CD classe : Track 52 Page 81 – Snackpocalypse

SCRIPTS UNIT 6 – FEED YOUR FUTURE
CD classe : Track 52
Page 81 – Snackpocalypse
http://www.funnyordie.com/videos/f51b3917dd/snackpocalypse-with-Chloe-Grace-MoretzTyler-Posey-and-First-Lady-Michelle-Obama
Female Voice: After the war, everything changed, they promise us revolution. They brought
us revolution for their promise.
>: If you re-elect me, your student body president, I hear by swear there will be soda in those
drinking fountains. There’s going to be a pizza party everyday. There’s going to be junk food
in the vending machines, and there will be free money to buy the junk food in said vending
machines.
Female Voice: We divided into fraction. 1/16ths to be specific. They included the Candy
Club, the Pizza Pals, the Chip Chubs, the Pop Rockers, the Mellow Mallows, the Hufflepuffs,
and then there’s me.
>: Listen to me very carefully. You’re different.
>: Am I though?
>: Let’s try this again. Listen to me very carefully…

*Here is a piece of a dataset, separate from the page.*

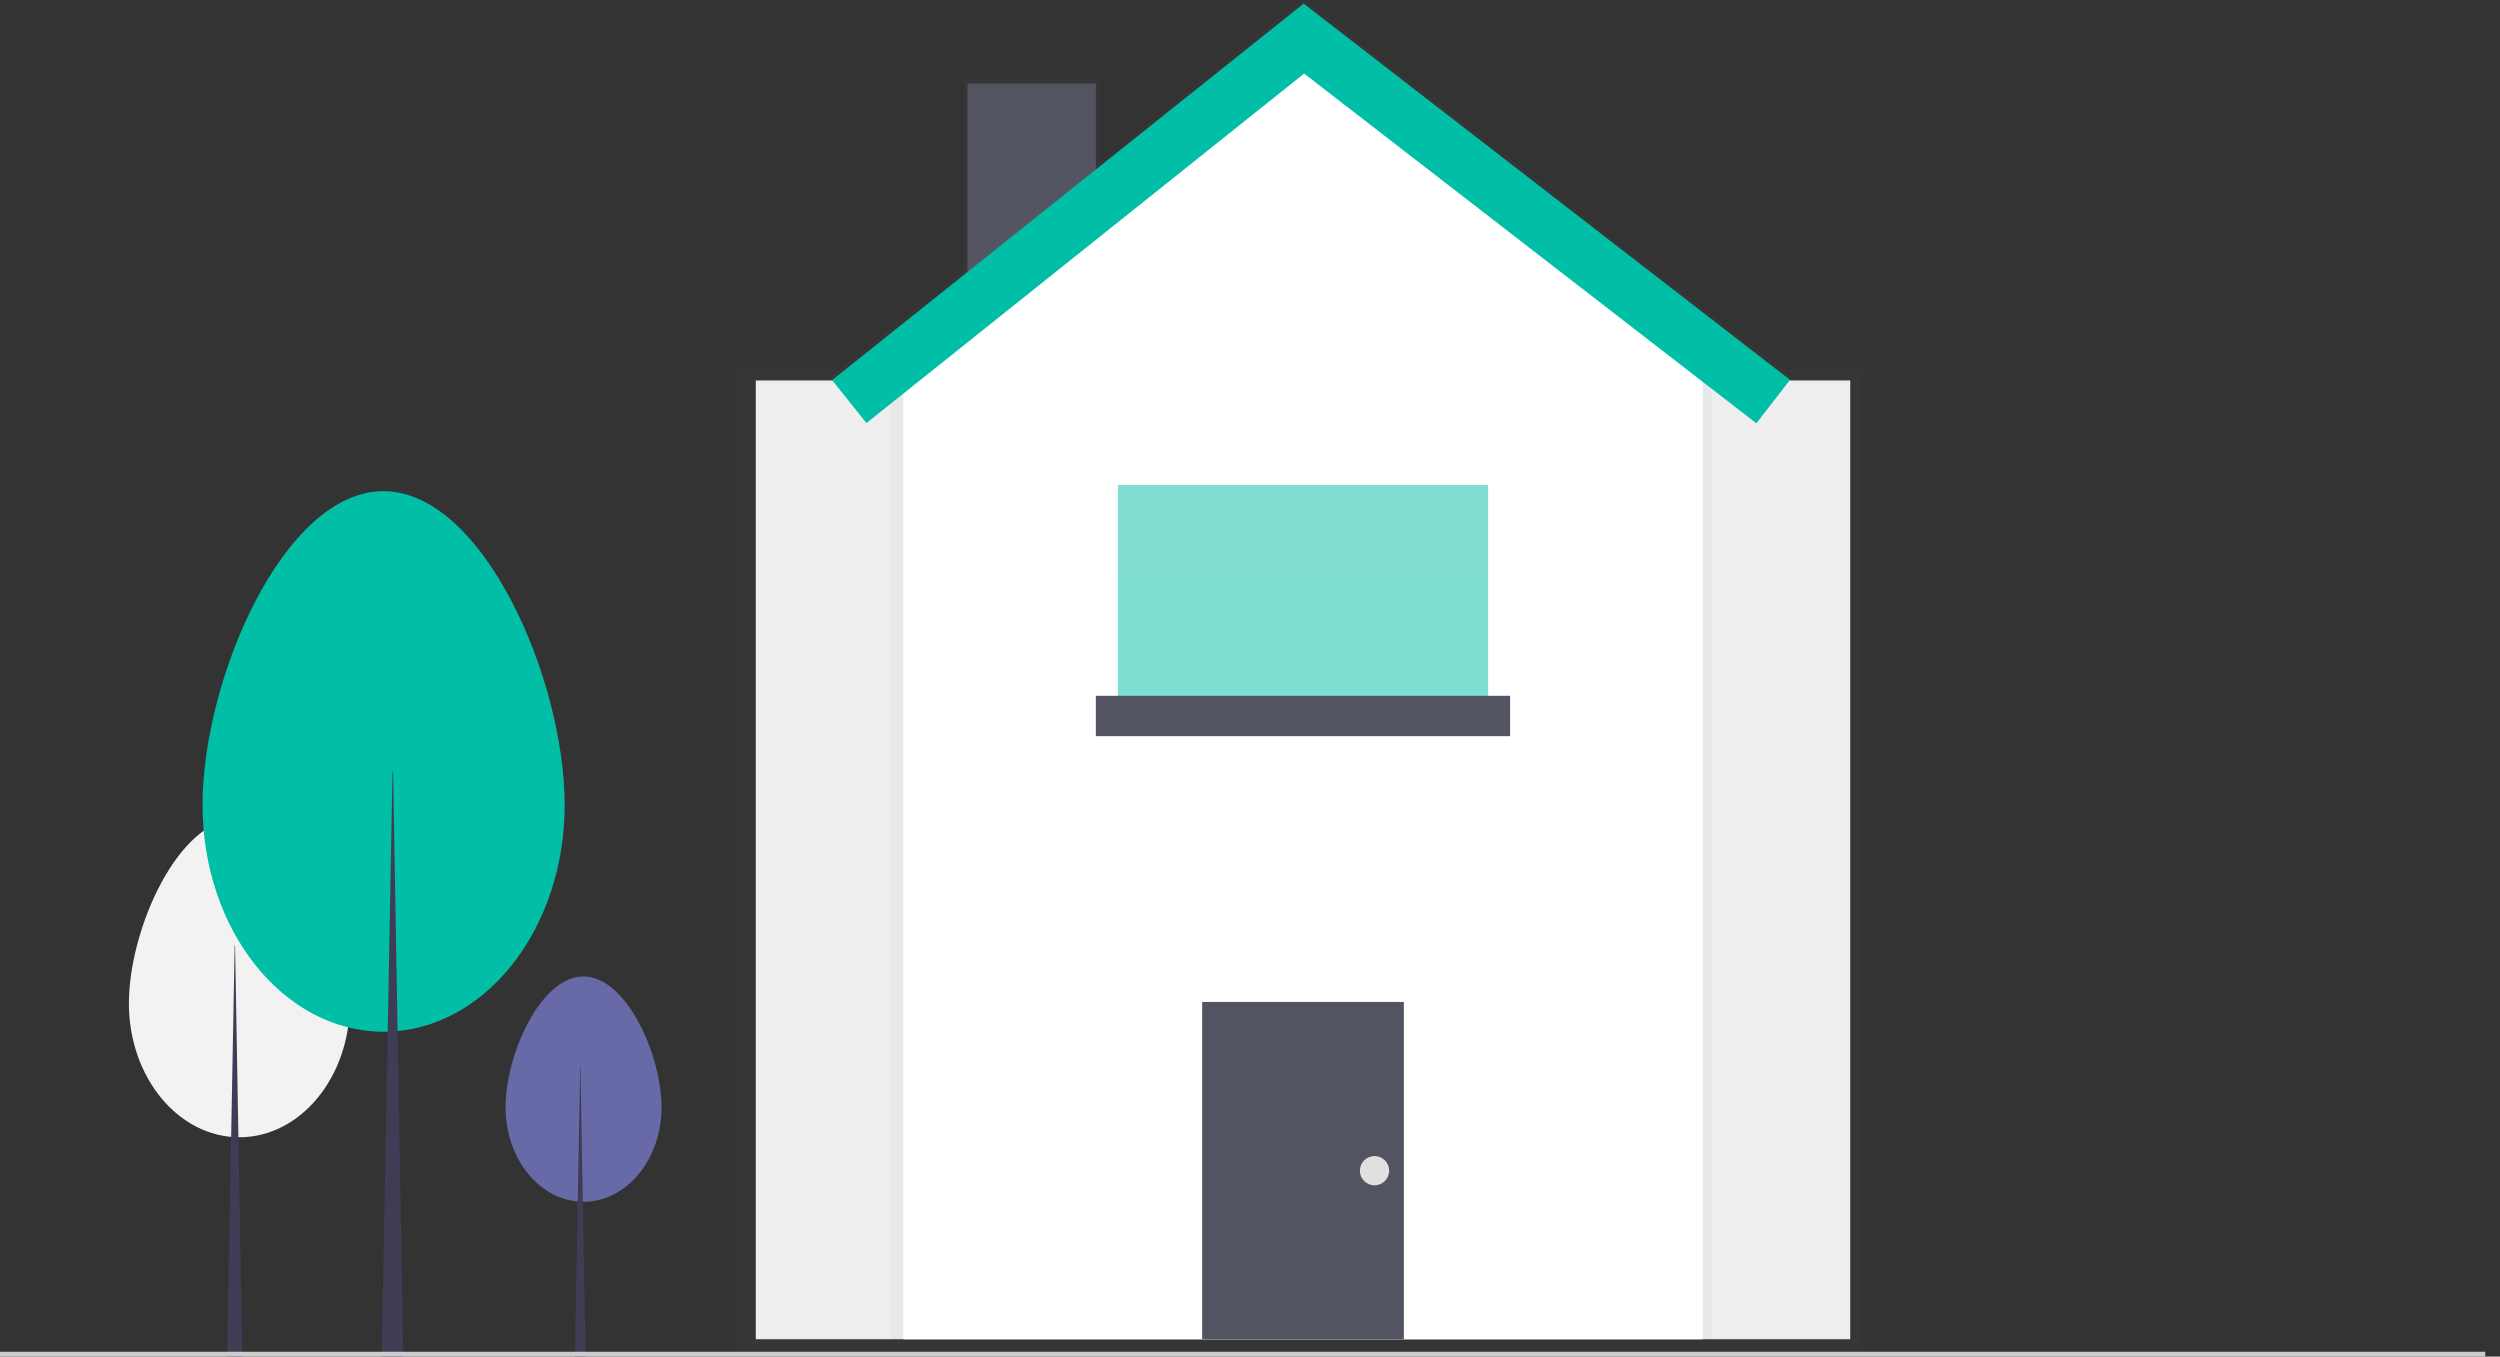 <svg fill="none" viewBox="0 0 129 70" height="70" width="129" xmlns="http://www.w3.org/2000/svg"><rect x="0" y="0" width="129" height="70" fill="#333333" stroke="none"/><path fill="#676AA7" d="M30.105 50.385C32.328 50.385 34.135 54.44 34.135 57.133C34.135 59.827 32.333 62.011 30.11 62.011C27.888 62.011 26.086 59.827 26.086 57.133C26.086 54.44 27.883 50.385 30.105 50.385Z"></path><path fill="#F2F2F2" d="M12.345 42.214C15.493 42.214 18.052 47.958 18.052 51.773C18.052 55.589 15.5 58.682 12.352 58.682C9.203 58.682 6.651 55.589 6.651 51.773C6.651 47.958 9.196 42.214 12.345 42.214Z"></path><path fill="#3F3D56" d="M29.939 55.018H29.953L30.215 70H29.663L29.939 55.018Z"></path><path fill="#3F3D56" d="M12.109 48.777H12.13L12.5 70H11.718L12.109 48.777Z"></path><path fill="#00BFA6" d="M19.783 25.345C24.943 25.345 29.137 35.073 29.137 41.536C29.137 47.998 24.954 53.237 19.794 53.237C14.634 53.237 10.451 47.998 10.451 41.536C10.451 35.073 14.623 25.345 19.783 25.345Z"></path><path fill="#3F3D56" d="M20.253 39.794H20.283L20.809 70H19.697L20.253 39.794Z"></path><path fill="#CCCCCC" d="M128.237 69.751H0V70H128.237V69.751Z"></path><g opacity="0.7"><path fill="url(#paint0_linear_206_439)" d="M96.085 19.069H38.005V69.677H96.085V19.069Z" opacity="0.7"></path></g><path fill="#EEEEEE" d="M95.472 19.632H38.999V69.104H95.472V19.632Z"></path><g opacity="0.7"><path fill="url(#paint1_linear_206_439)" d="M56.736 4.12H49.734V17.932H56.736V4.12Z" opacity="0.7"></path></g><path fill="#535461" d="M56.545 4.311H49.925V17.932H56.545V4.311Z"></path><g opacity="0.7"><path fill="url(#paint2_linear_206_439)" d="M88.329 69.108H45.952V17.27L67.324 16.795L88.329 17.27V69.108Z" opacity="0.7"></path></g><path fill="white" d="M87.858 69.108H46.613V17.27L67.236 2.606L87.858 17.27V69.108Z"></path><path fill="#535461" d="M72.439 51.7H62.032V69.104H72.439V51.7Z"></path><path fill="#00BFA6" d="M76.79 25.027H57.682V36.947H76.79V25.027Z" opacity="0.5"></path><path fill="#535461" d="M77.922 35.904H56.545V37.986H77.922V35.904Z"></path><g opacity="0.1"><path fill="black" d="M76.79 25.027H57.681V29.755H76.79V25.027Z" opacity="0.1"></path></g><g opacity="0.7"><path fill="url(#paint3_linear_206_439)" d="M90.628 21.657L67.293 3.609L44.709 21.643L42.937 19.424L67.267 0L92.364 19.41L90.628 21.657Z" opacity="0.7"></path></g><path fill="#00BFA6" d="M90.628 21.843L67.293 3.796L44.709 21.83L42.937 19.615L67.267 0.186L92.364 19.601L90.628 21.843Z"></path><path fill="#E0E0E0" d="M70.925 61.161C71.342 61.161 71.68 60.823 71.68 60.407C71.68 59.99 71.342 59.652 70.925 59.652C70.508 59.652 70.17 59.99 70.17 60.407C70.17 60.823 70.508 61.161 70.925 61.161Z"></path><defs><linearGradient gradientUnits="userSpaceOnUse" y2="8544.5" x2="3837.02" y1="14313.3" x1="3837.02" id="paint0_linear_206_439"><stop stop-opacity="0.25" stop-color="#808080"></stop><stop stop-opacity="0.12" stop-color="#808080" offset="0.54"></stop><stop stop-opacity="0.1" stop-color="#808080" offset="1"></stop></linearGradient><linearGradient gradientUnits="userSpaceOnUse" y2="1865.82" x2="289.882" y1="2295.51" x1="289.882" id="paint1_linear_206_439"><stop stop-opacity="0.25" stop-color="#808080"></stop><stop stop-opacity="0.12" stop-color="#808080" offset="0.54"></stop><stop stop-opacity="0.1" stop-color="#808080" offset="1"></stop></linearGradient><linearGradient gradientUnits="userSpaceOnUse" y2="8561.59" x2="2826.72" y1="14725.6" x1="2826.72" id="paint2_linear_206_439"><stop stop-opacity="0.25" stop-color="#808080"></stop><stop stop-opacity="0.12" stop-color="#808080" offset="0.54"></stop><stop stop-opacity="0.1" stop-color="#808080" offset="1"></stop></linearGradient><linearGradient gradientUnits="userSpaceOnUse" y2="2718.15" x2="3343.68" y1="3774.57" x1="3343.68" id="paint3_linear_206_439"><stop stop-opacity="0.25" stop-color="#808080"></stop><stop stop-opacity="0.12" stop-color="#808080" offset="0.54"></stop><stop stop-opacity="0.1" stop-color="#808080" offset="1"></stop></linearGradient></defs></svg>

Male Voice: I can’t figure out what’s wrong with them. It’s like the more garbage everyone
eats, the sicker they get. It’s a mystery.
>: Are you a trained nurse?
>: What do you think you’re doing?
>: Having a snack?
>: Listen to me, very carefully… You’re different from the others.
>: I mean I’m just a normal healthy girl.
>: Exactly.
>: See, I don’t get it. I like fruits and vegetables and sometimes I have a candy bar as a special
snack. So what? Sue me.
>: Shhh, don’t let them hear you. Do you want to see my back tattoos?
>: Not really.
>: Oh boy, this is bad. What have I done.
>: Male Voice: We need a hero. Or a heroine.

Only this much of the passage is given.